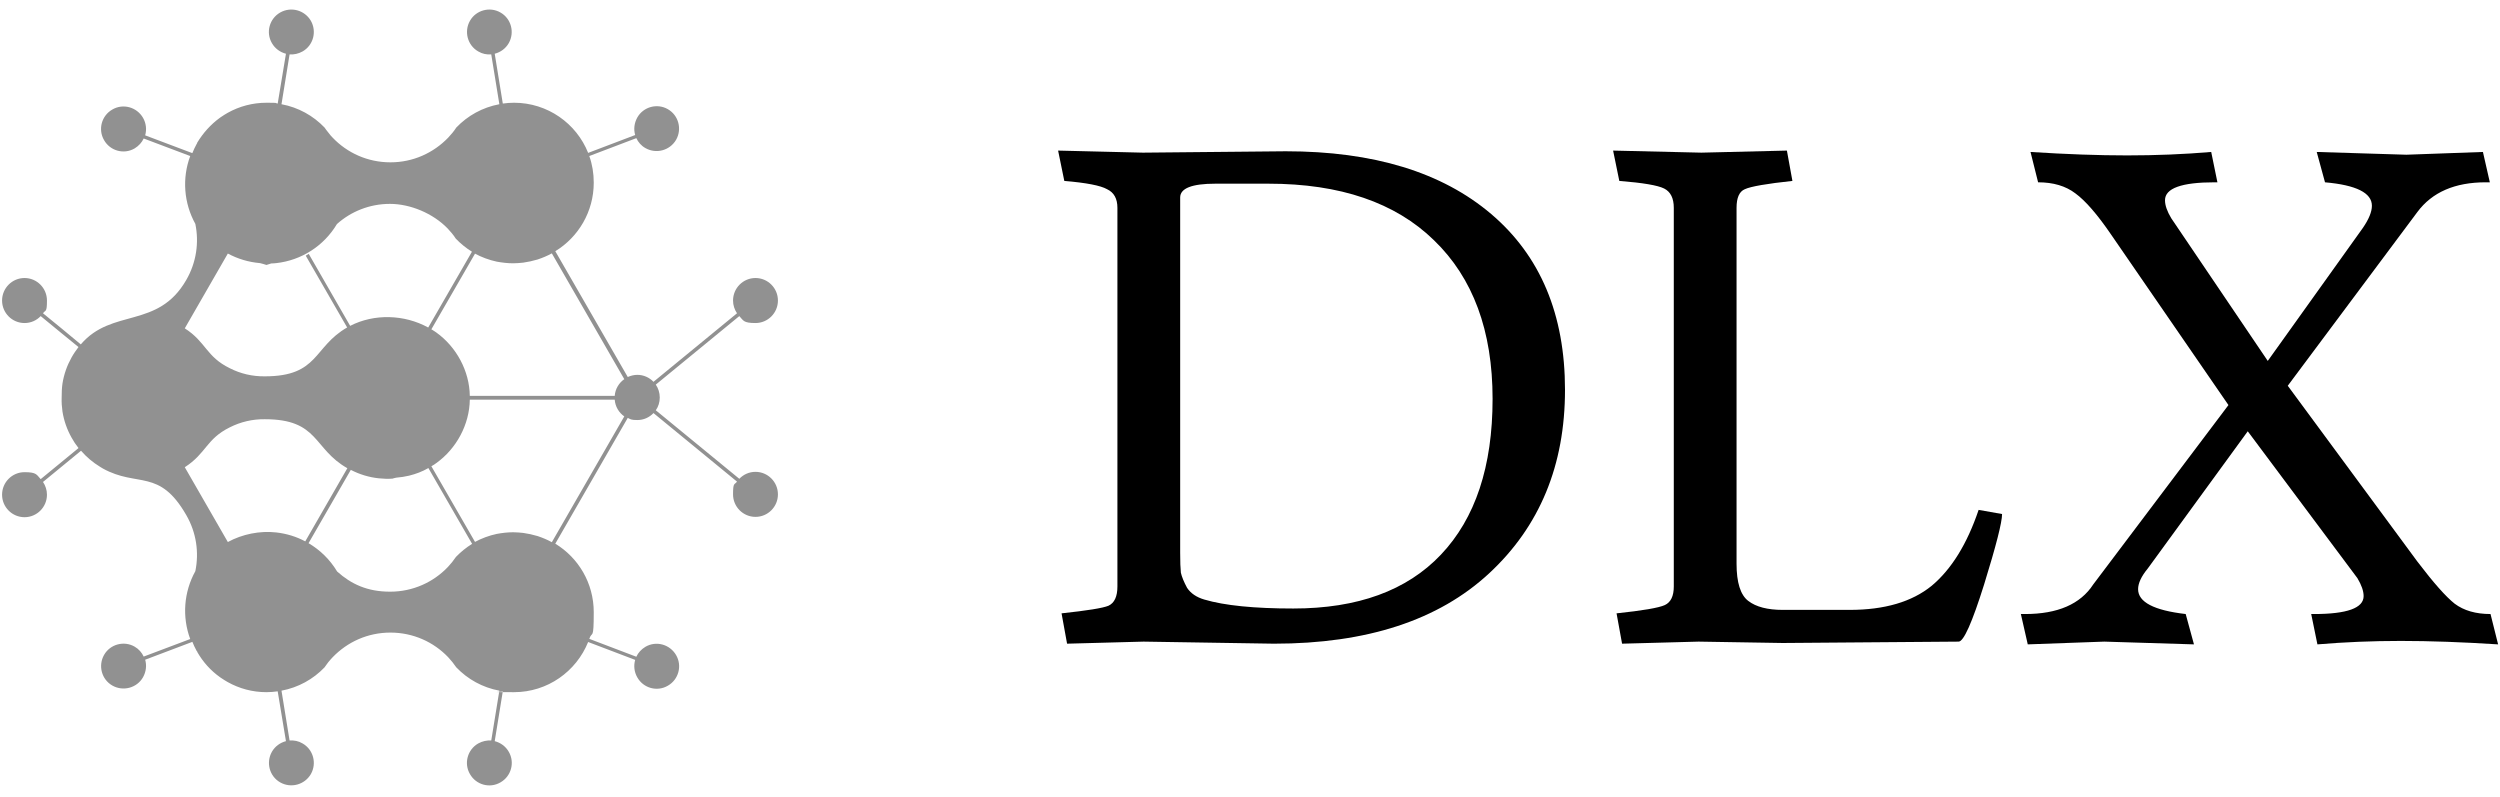 <svg width="116" height="37" viewBox="0 0 116 37" fill="none" xmlns="http://www.w3.org/2000/svg">
<path fill-rule="evenodd" clip-rule="evenodd" d="M22.044 25.15L20.015 21.633L20.045 21.617C20.114 21.579 20.183 21.533 20.244 21.487C21.178 20.819 21.784 19.697 21.799 18.545H28.523C28.546 18.868 28.722 19.152 28.967 19.321L25.605 25.158C25.398 25.043 25.176 24.951 24.946 24.874C24.939 24.874 24.931 24.874 24.916 24.866C24.709 24.805 24.502 24.759 24.28 24.728C24.127 24.713 23.974 24.697 23.813 24.697C23.552 24.697 23.3 24.728 23.047 24.774C22.687 24.851 22.343 24.981 22.029 25.15M22.044 11.764L20.015 15.281L20.045 15.297C20.114 15.343 20.183 15.381 20.244 15.427C21.178 16.095 21.784 17.217 21.799 18.369H28.523C28.546 18.046 28.722 17.762 28.967 17.593L25.605 11.756C25.398 11.871 25.176 11.963 24.946 12.04C24.939 12.04 24.931 12.04 24.916 12.048C24.709 12.109 24.502 12.155 24.28 12.186C24.127 12.201 23.974 12.217 23.813 12.217C23.552 12.217 23.3 12.186 23.047 12.14C22.687 12.063 22.343 11.933 22.029 11.764H22.044ZM14.164 25.12C13.75 24.897 13.291 24.759 12.816 24.705C12.058 24.62 11.246 24.782 10.572 25.15L8.574 21.679C9.577 21.034 9.569 20.366 10.664 19.828C11.162 19.575 11.721 19.444 12.288 19.452C14.807 19.452 14.516 20.819 16.117 21.725L14.164 25.12ZM16.117 15.189C14.524 16.095 14.807 17.462 12.288 17.462C11.713 17.47 11.162 17.34 10.664 17.086C9.561 16.549 9.569 15.873 8.574 15.235L10.572 11.764C11.024 12.009 11.53 12.163 12.066 12.209C12.165 12.232 12.265 12.263 12.364 12.294C12.441 12.271 12.517 12.248 12.586 12.224C12.663 12.224 12.739 12.217 12.816 12.209C13.988 12.079 15.029 11.41 15.634 10.396C16.285 9.813 17.15 9.46 18.092 9.46C19.034 9.46 20.091 9.897 20.773 10.604C20.91 10.75 21.041 10.903 21.148 11.072C21.37 11.303 21.623 11.51 21.898 11.679L19.869 15.197C18.766 14.59 17.365 14.544 16.247 15.12L14.325 11.779C14.279 11.81 14.233 11.833 14.187 11.864L16.109 15.197L16.117 15.189ZM3.757 20.919L3.726 20.942L1.995 22.363C2.11 22.531 2.179 22.739 2.179 22.954C2.179 23.53 1.712 23.998 1.138 23.998C0.563 23.998 0.096 23.53 0.096 22.954C0.096 22.378 0.563 21.909 1.138 21.909C1.712 21.909 1.697 22.032 1.888 22.232L3.619 20.811L3.642 20.788C3.519 20.634 3.412 20.473 3.32 20.304C3.113 19.936 2.968 19.528 2.899 19.098C2.868 18.883 2.853 18.668 2.861 18.445C2.861 18.223 2.868 18.008 2.899 17.793C2.968 17.363 3.113 16.956 3.32 16.587C3.412 16.418 3.527 16.257 3.642 16.103C3.052 15.627 2.47 15.143 1.888 14.667C1.697 14.867 1.436 14.989 1.138 14.989C0.563 14.989 0.096 14.521 0.096 13.945C0.096 13.369 0.563 12.9 1.138 12.9C1.712 12.9 2.179 13.369 2.179 13.945C2.179 14.521 2.11 14.367 1.995 14.536C2.577 15.012 3.175 15.496 3.749 15.98C5.196 14.283 7.325 15.281 8.642 12.992C9.117 12.171 9.24 11.249 9.064 10.389C8.528 9.421 8.443 8.269 8.826 7.24L6.667 6.426C6.582 6.61 6.437 6.771 6.246 6.887C5.748 7.178 5.112 7.002 4.829 6.503C4.538 6.003 4.714 5.366 5.212 5.082C5.709 4.79 6.345 4.967 6.636 5.466C6.782 5.719 6.812 6.011 6.736 6.28L8.895 7.094L8.926 7.102C8.979 6.963 9.048 6.825 9.117 6.695L9.148 6.641V6.625C9.416 6.18 9.768 5.781 10.212 5.458L10.235 5.443L10.258 5.427C10.358 5.358 10.457 5.297 10.565 5.235C11.101 4.936 11.713 4.767 12.364 4.767C13.015 4.767 12.716 4.782 12.885 4.805L13.268 2.493C13 2.424 12.762 2.255 12.617 2.002C12.326 1.503 12.502 0.865 13 0.581C13.498 0.297 14.133 0.466 14.424 0.965C14.708 1.464 14.539 2.102 14.041 2.386C13.85 2.493 13.635 2.54 13.436 2.524L13.061 4.836C13.842 4.982 14.531 5.366 15.06 5.919C15.083 5.957 15.113 5.988 15.136 6.026C15.205 6.119 15.274 6.203 15.343 6.288C15.374 6.318 15.404 6.357 15.435 6.387C16.109 7.094 17.058 7.532 18.115 7.532C19.172 7.532 20.114 7.094 20.796 6.387C20.933 6.241 21.064 6.088 21.171 5.919C21.699 5.366 22.389 4.982 23.17 4.836L22.794 2.524C22.588 2.54 22.381 2.501 22.189 2.386C21.692 2.102 21.523 1.464 21.806 0.965C22.09 0.466 22.733 0.297 23.223 0.581C23.721 0.865 23.889 1.503 23.606 2.002C23.461 2.255 23.223 2.424 22.955 2.493L23.33 4.805C23.499 4.782 23.675 4.767 23.851 4.767C25.406 4.767 26.746 5.727 27.29 7.094L29.472 6.265C29.395 6.003 29.426 5.712 29.572 5.45C29.855 4.951 30.498 4.782 30.988 5.066C31.486 5.351 31.655 5.988 31.371 6.487C31.08 6.986 30.445 7.155 29.947 6.871C29.755 6.764 29.61 6.595 29.526 6.41L27.343 7.24C27.481 7.624 27.55 8.039 27.55 8.476C27.55 9.82 26.838 11.003 25.766 11.656L29.128 17.493C29.265 17.432 29.419 17.393 29.572 17.393C29.863 17.393 30.131 17.516 30.322 17.716L34.197 14.536C34.082 14.367 34.013 14.16 34.013 13.945C34.013 13.369 34.48 12.9 35.055 12.9C35.629 12.9 36.096 13.369 36.096 13.945C36.096 14.521 35.629 14.989 35.055 14.989C34.48 14.989 34.496 14.867 34.304 14.667L30.429 17.846C30.544 18.015 30.613 18.223 30.613 18.445C30.613 18.668 30.544 18.876 30.429 19.037L34.304 22.216C34.496 22.017 34.756 21.894 35.055 21.894C35.629 21.894 36.096 22.363 36.096 22.939C36.096 23.515 35.629 23.983 35.055 23.983C34.48 23.983 34.013 23.515 34.013 22.939C34.013 22.363 34.082 22.508 34.197 22.347L30.322 19.167C30.131 19.367 29.87 19.49 29.572 19.49C29.273 19.49 29.258 19.452 29.128 19.39L25.766 25.227C26.838 25.88 27.55 27.055 27.55 28.407C27.55 29.759 27.473 29.252 27.343 29.643L29.526 30.473C29.61 30.289 29.755 30.127 29.947 30.012C30.445 29.72 31.08 29.897 31.371 30.396C31.662 30.895 31.486 31.533 30.988 31.817C30.491 32.109 29.855 31.932 29.572 31.433C29.426 31.18 29.395 30.888 29.472 30.619L27.29 29.789C26.738 31.156 25.406 32.117 23.851 32.117C22.297 32.117 23.499 32.101 23.33 32.078L22.955 34.39C23.223 34.459 23.461 34.628 23.606 34.881C23.897 35.381 23.721 36.018 23.223 36.302C22.725 36.594 22.09 36.417 21.806 35.918C21.515 35.419 21.692 34.782 22.189 34.497C22.381 34.39 22.595 34.344 22.794 34.359L23.17 32.047C22.389 31.901 21.699 31.517 21.171 30.964C21.056 30.795 20.933 30.642 20.796 30.496C20.122 29.789 19.172 29.352 18.115 29.352C17.058 29.352 16.117 29.789 15.435 30.496C15.404 30.527 15.374 30.565 15.343 30.596C15.267 30.68 15.198 30.765 15.136 30.857C15.113 30.895 15.083 30.926 15.06 30.964C14.531 31.517 13.842 31.901 13.061 32.047L13.436 34.359C13.643 34.344 13.85 34.382 14.041 34.497C14.539 34.782 14.708 35.419 14.424 35.918C14.133 36.417 13.498 36.586 13 36.302C12.502 36.018 12.334 35.381 12.617 34.881C12.762 34.628 13 34.459 13.268 34.39L12.885 32.078C12.716 32.101 12.54 32.117 12.364 32.117C11.713 32.117 11.101 31.948 10.565 31.648C10.457 31.587 10.358 31.525 10.258 31.456L10.235 31.441L10.212 31.425C9.768 31.11 9.416 30.711 9.156 30.258V30.242C9.148 30.242 9.117 30.189 9.117 30.189C9.048 30.058 8.979 29.92 8.926 29.782C8.198 30.058 7.471 30.335 6.736 30.611C6.812 30.872 6.782 31.164 6.636 31.425C6.353 31.924 5.709 32.093 5.212 31.809C4.714 31.525 4.545 30.888 4.829 30.388C5.112 29.889 5.755 29.72 6.246 30.004C6.437 30.112 6.582 30.281 6.667 30.465L8.826 29.651C8.443 28.622 8.528 27.47 9.064 26.502C9.24 25.642 9.117 24.72 8.642 23.898C7.387 21.717 6.391 22.631 4.775 21.74C4.729 21.717 4.683 21.687 4.637 21.656C4.308 21.456 4.009 21.203 3.757 20.911V20.919ZM19.877 21.717L21.906 25.235C21.63 25.404 21.378 25.611 21.155 25.842C21.041 26.011 20.918 26.164 20.78 26.31C20.106 27.017 19.157 27.454 18.1 27.454C17.043 27.454 16.293 27.101 15.642 26.517C15.312 25.965 14.853 25.519 14.317 25.204L16.277 21.802C16.676 22.009 17.12 22.147 17.579 22.194C17.794 22.216 18 22.224 18.207 22.209C18.268 22.194 18.33 22.171 18.391 22.163C18.59 22.147 18.789 22.117 18.981 22.071C19.295 21.994 19.601 21.879 19.877 21.717Z" fill="#919191"/>
<path d="M53.064 29.771L49.512 29.867L49.256 28.459C50.451 28.331 51.176 28.214 51.432 28.107C51.709 27.979 51.848 27.681 51.848 27.211V9.643C51.848 9.217 51.688 8.929 51.368 8.779C51.069 8.609 50.408 8.481 49.384 8.395L49.096 6.987L53.032 7.083L59.656 7.019C63.731 7.019 66.909 7.99 69.192 9.931C71.475 11.873 72.616 14.593 72.616 18.091C72.616 21.59 71.443 24.427 69.096 26.603C66.749 28.779 63.422 29.867 59.112 29.867C59.112 29.867 57.096 29.835 53.064 29.771ZM60.008 28.235C62.995 28.235 65.278 27.403 66.856 25.739C68.456 24.054 69.256 21.643 69.256 18.507C69.256 15.35 68.35 12.897 66.536 11.147C64.744 9.398 62.184 8.523 58.856 8.523H56.392C55.304 8.523 54.76 8.737 54.76 9.163V25.643C54.76 26.07 54.771 26.379 54.792 26.571C54.835 26.763 54.931 26.998 55.08 27.275C55.251 27.531 55.517 27.713 55.88 27.819C56.819 28.097 58.195 28.235 60.008 28.235Z" fill="black"/>
<path d="M78.944 7.083L82.912 6.987L83.168 8.395C81.973 8.523 81.237 8.651 80.96 8.779C80.704 8.886 80.576 9.174 80.576 9.643V26.155C80.576 27.03 80.757 27.606 81.12 27.883C81.482 28.161 82.016 28.299 82.72 28.299H85.824C87.445 28.299 88.714 27.926 89.632 27.179C90.549 26.411 91.274 25.238 91.808 23.659L92.896 23.851C92.896 24.235 92.618 25.323 92.064 27.115C91.509 28.886 91.114 29.771 90.88 29.771L82.72 29.835L78.816 29.771L75.264 29.867L75.008 28.459C76.224 28.331 76.97 28.203 77.248 28.075C77.525 27.947 77.664 27.659 77.664 27.211V9.643C77.664 9.195 77.514 8.897 77.216 8.747C76.917 8.598 76.224 8.481 75.136 8.395L74.848 6.987L78.944 7.083Z" fill="black"/>
<path d="M111.656 7.179L115.208 7.051L115.528 8.459H115.336C113.907 8.459 112.851 8.918 112.168 9.835L106.152 17.899L112.168 26.059C112.915 27.041 113.491 27.691 113.896 28.011C114.323 28.331 114.877 28.491 115.56 28.491L115.912 29.899C114.248 29.793 112.744 29.739 111.4 29.739C110.077 29.739 108.787 29.793 107.528 29.899L107.24 28.491H107.368C108.904 28.491 109.672 28.214 109.672 27.659C109.672 27.425 109.576 27.147 109.384 26.827L104.296 20.011L99.656 26.379C99.357 26.742 99.208 27.062 99.208 27.339C99.208 27.937 99.944 28.321 101.416 28.491L101.8 29.899L97.64 29.771L94.088 29.899L93.768 28.491H93.96C95.475 28.491 96.531 28.033 97.128 27.115L103.4 18.795L97.96 10.891C97.32 9.953 96.765 9.313 96.296 8.971C95.848 8.63 95.272 8.459 94.568 8.459L94.216 7.051C95.88 7.158 97.373 7.211 98.696 7.211C100.04 7.211 101.341 7.158 102.6 7.051L102.888 8.459H102.76C101.224 8.459 100.456 8.737 100.456 9.291C100.456 9.526 100.552 9.803 100.744 10.123L105.224 16.747L109.64 10.571C109.917 10.166 110.056 9.825 110.056 9.547C110.056 8.95 109.331 8.587 107.88 8.459L107.496 7.051L111.656 7.179Z" fill="black"/>
</svg>

INSTRUCTIONS FOR THE TASK: Retype the line containing "7.083L82.912 6.987L83.168 8.395C81.973" and each line after it through the end of the listing, exactly, leaving out everything else.

ANSWER BELOW:
<path d="M78.944 7.083L82.912 6.987L83.168 8.395C81.973 8.523 81.237 8.651 80.96 8.779C80.704 8.886 80.576 9.174 80.576 9.643V26.155C80.576 27.03 80.757 27.606 81.12 27.883C81.482 28.161 82.016 28.299 82.72 28.299H85.824C87.445 28.299 88.714 27.926 89.632 27.179C90.549 26.411 91.274 25.238 91.808 23.659L92.896 23.851C92.896 24.235 92.618 25.323 92.064 27.115C91.509 28.886 91.114 29.771 90.88 29.771L82.72 29.835L78.816 29.771L75.264 29.867L75.008 28.459C76.224 28.331 76.97 28.203 77.248 28.075C77.525 27.947 77.664 27.659 77.664 27.211V9.643C77.664 9.195 77.514 8.897 77.216 8.747C76.917 8.598 76.224 8.481 75.136 8.395L74.848 6.987L78.944 7.083Z" fill="black"/>
<path d="M111.656 7.179L115.208 7.051L115.528 8.459H115.336C113.907 8.459 112.851 8.918 112.168 9.835L106.152 17.899L112.168 26.059C112.915 27.041 113.491 27.691 113.896 28.011C114.323 28.331 114.877 28.491 115.56 28.491L115.912 29.899C114.248 29.793 112.744 29.739 111.4 29.739C110.077 29.739 108.787 29.793 107.528 29.899L107.24 28.491H107.368C108.904 28.491 109.672 28.214 109.672 27.659C109.672 27.425 109.576 27.147 109.384 26.827L104.296 20.011L99.656 26.379C99.357 26.742 99.208 27.062 99.208 27.339C99.208 27.937 99.944 28.321 101.416 28.491L101.8 29.899L97.64 29.771L94.088 29.899L93.768 28.491H93.96C95.475 28.491 96.531 28.033 97.128 27.115L103.4 18.795L97.96 10.891C97.32 9.953 96.765 9.313 96.296 8.971C95.848 8.63 95.272 8.459 94.568 8.459L94.216 7.051C95.88 7.158 97.373 7.211 98.696 7.211C100.04 7.211 101.341 7.158 102.6 7.051L102.888 8.459H102.76C101.224 8.459 100.456 8.737 100.456 9.291C100.456 9.526 100.552 9.803 100.744 10.123L105.224 16.747L109.64 10.571C109.917 10.166 110.056 9.825 110.056 9.547C110.056 8.95 109.331 8.587 107.88 8.459L107.496 7.051L111.656 7.179Z" fill="black"/>
</svg>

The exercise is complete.